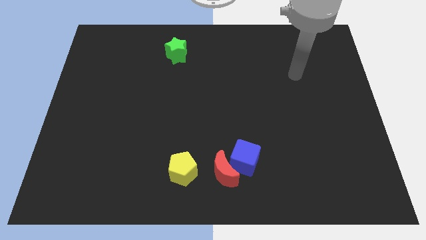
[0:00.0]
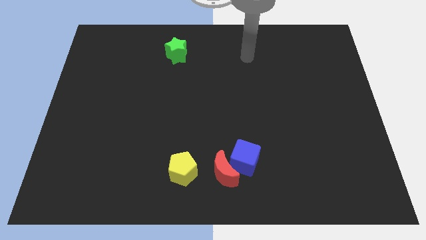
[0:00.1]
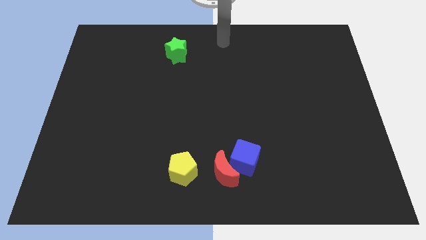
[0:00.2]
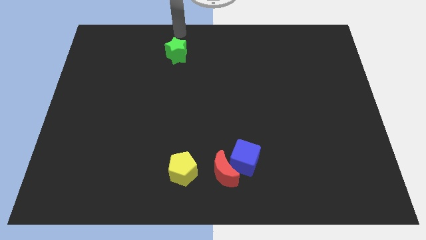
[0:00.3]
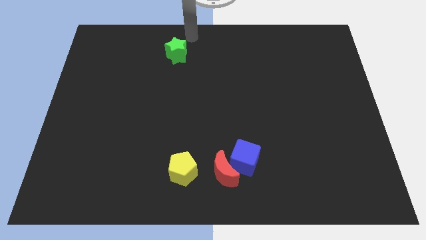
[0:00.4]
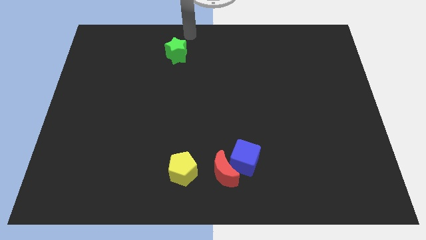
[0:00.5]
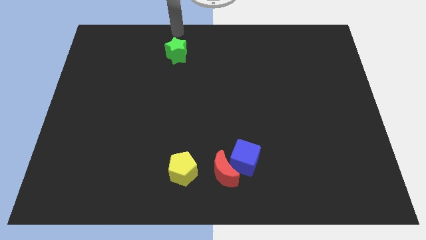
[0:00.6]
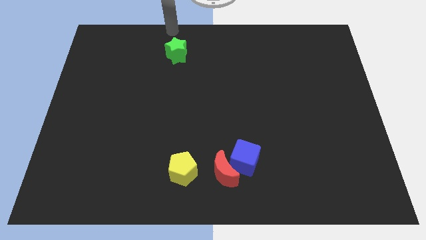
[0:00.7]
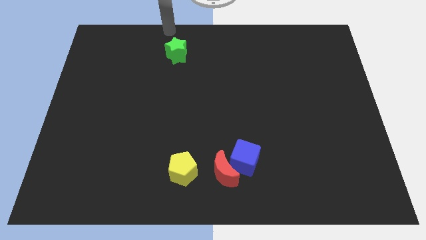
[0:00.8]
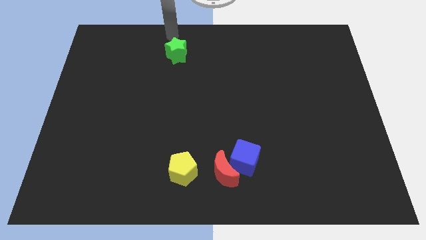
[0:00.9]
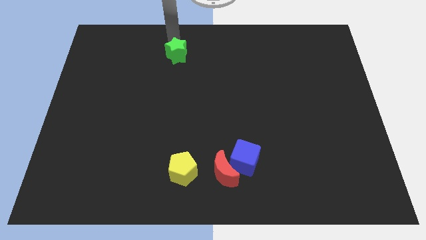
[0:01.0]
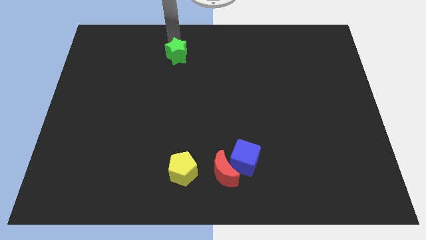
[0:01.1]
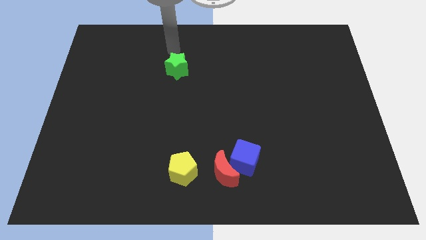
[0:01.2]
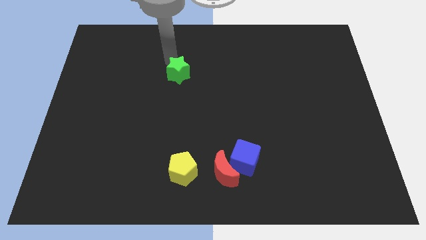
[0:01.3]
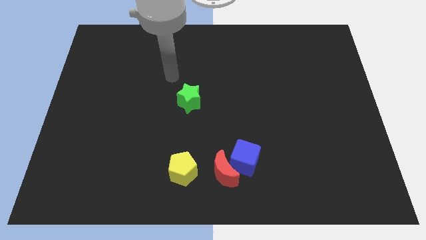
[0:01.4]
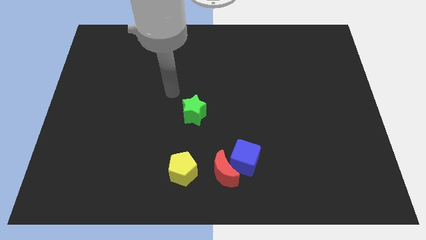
= = =
• Problem to solve: The material above is to be transcribed exactly, with all pictures omitted.

• Solution to this exercise:
[0:00.0]
[0:00.1]
[0:00.2]
[0:00.3]
[0:00.4]
[0:00.5]
[0:00.6]
[0:00.7]
[0:00.8]
[0:00.9]
[0:01.0]
[0:01.1]
[0:01.2]
[0:01.3]
[0:01.4]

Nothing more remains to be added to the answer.